Над головой собеседника Грециона появился стеклянный обелиск — похоже, нематериальный — и засветился. Хуан кинулся на землю, словно заслышав «ложись!», свернулся калачиком. Профессор взглянул вдаль — несколько человек с аквамариновыми глазами уступили свое место новым атлантном. Им с Альтерего пока везло.
Психовский встал.
У него оставался только один, старый-добрый дедовский метод, который наверняка, на сто один процент не сработал бы, но больше делать оставалось нечего. Нужно было попробовать, и Грецион решил подойти к последней попытке с чувством и толком. Может, даже с расстановкой. Уж если он и станет строительным материалом для тела какого-нибудь очередного атланта, то сделает это красиво.
— Вы сожрали своих богов.
— Мы освободили себя от глупого идолопоклонства, — парировал прекрасный юноша.
Профессор медленно шагал к атланту. Тот же, наоборот, стоял на месте.
— Вы обманули их мантрой.
— Мы очень долго выпытывали ее у индусов.
— Это ваше самое страшное преступление…
— И не единственное. За нами их много. Мы не жалеем. Цель оправдывает средства. Мы достигли того, чего никому более не удавалось.
Психовский подумал: «Ну да, разве только Будде», но сказал совсем другое:
— И потому решили вернуться, да? Отличное решение. Значит, вам не понравилось.
— Нет. Мы хотим сделать это еще раз. Повторить опыт и вновь достичь совершенства…
— Вы не можете достичь его, когда уже совершенны, — Психовский вплотную подошел к атланту, почти ноздря в ноздрю.
— Вы можете залезть в мою голову и узнать все.
— Нет, мне хватило, — натянуто улыбнулся Грецион и тут же сменился в настроении. Профессор хлопнул в ладоши — прямо как на лекции. — Так, в общем, я очень рад за вас, что вы решили вернуться. Находились по краю, между адом земным и раем… простите, меня потянуло на песни.
Хуан, все еще лежавший, но подглядывающий за происходящим из своего импровизированного укрытия, совсем не понимал, что это профессор так весел. Вывод напрашивался только один — старик спятил, и скоро Альтерего наступит конец.
— Но, — профессор поправил бейсболку. — По-моему вы, сверхчеловеки, не учли одну важную вещь.
— Расскажите же нам.
— С материальным миром приходит и боль. Добро пожаловать, рады вас видеть!
Грецион Психовский размахнулся, как только мог, и ударил атланта кулаком в живот.
Это было все равно, что вмазать по старинной керамической вазе, собранной из найденных в какой-нибудь китайской провинции осколков, которые только-только смазали клеем — он еще даже не успел схватиться.
Материальная форма атланта затрещала по швам, но проблема была не в этом — по телу, недавно вновь обретенному, пронеслось ощущение, словно все внутри разрывает осколочной гранатой, и кусочки хрусталя наполняют нутро, раздувая его изнутри.
Прекрасный юноша деформировался — правда, очень медленно начал возвращать былую форму.

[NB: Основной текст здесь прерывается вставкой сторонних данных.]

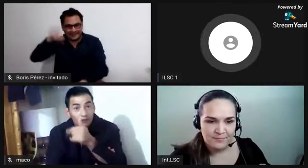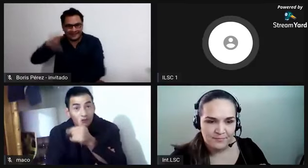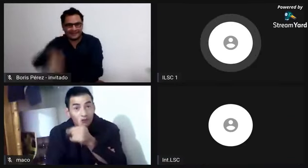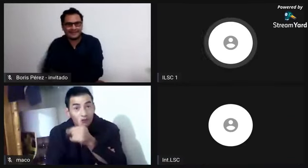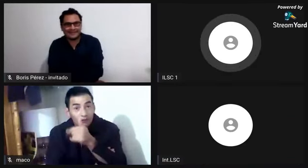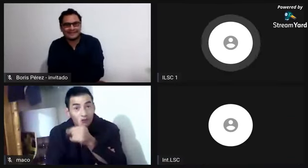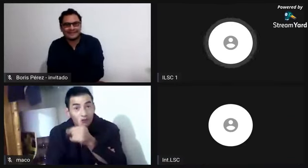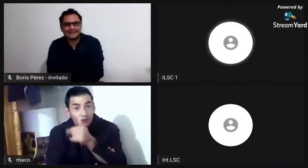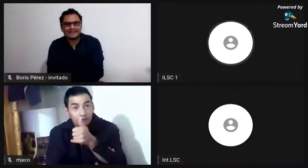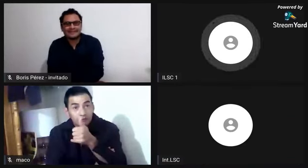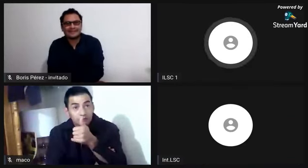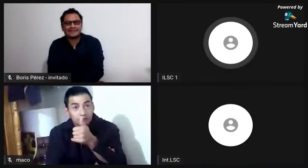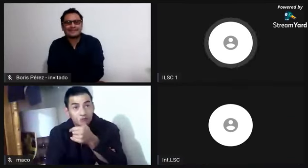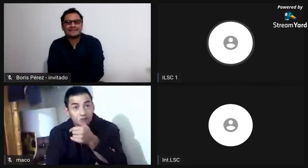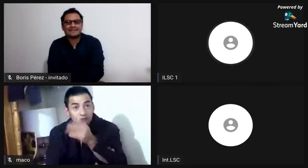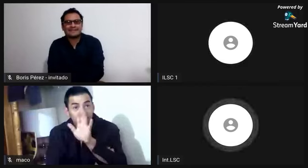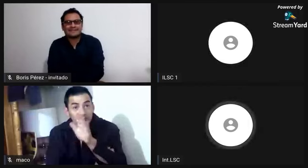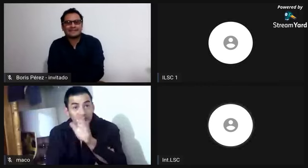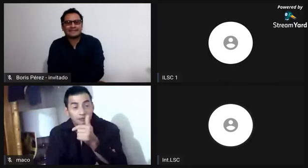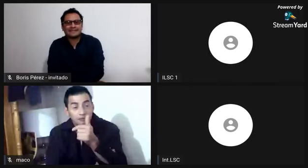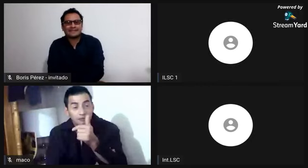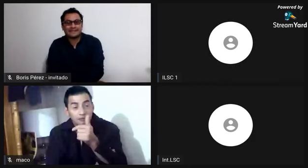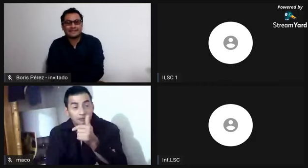Hola, Marcos. ¿Estás bien?

Атлант тяжело задышал, не разгибаясь — удар Грециона даже не скрючил его, а словно переломил пополам, сложив в два раза. Психовский, конечно, боксером не был — но силы хватило.
— Что это такое, — просипел юноша. — Почему это так… плохо.
— О, — хмыкнул Психовский, надвигая бейсболку на лоб. — Мы называем это болью. Еще раз здравствуйте!
Грецион нанес второй удар.
— Мне это не нравится.
— Еще бы, — фыркнул профессор. — Просто сверхлюдям надо думать, прежде чем возвращаться сюда. Хотите — оставайтесь, тут такое каждый день.
— Это же вечные страдания…
— О, тут наши точки зрения слегка расходятся, — Психовский заглянул в аквамариновые глаза согнутого атланта. — Достичь совершенства — вот это вечное страдание.
Отделившись от скорлупы метрии и пустившись в свой бесконечный вояж по бестелесному, став сверхлюдьми, атланты за столько лет забыли, что такое боль — да и другие ощущение были им чужды. Потому что там, за дверцей этого приоткрытого вселенского холодильника, из которого теперь веяло морозцем, все работает по-другому, и чувства — если они есть — совсем иные.
Боль Алтлантам не понравилась.
— Тогда мы снова станем сверхлюдьми, — не сдавался юноша, потихоньку разгибаясь.
— Тогда удачной вам боли каждый день. Знаете, бывает и посильнее.
— Нет, — отрезал атлант, и его глаза цвета небесно-голубого камня засветились. — Мы сделаем это сразу.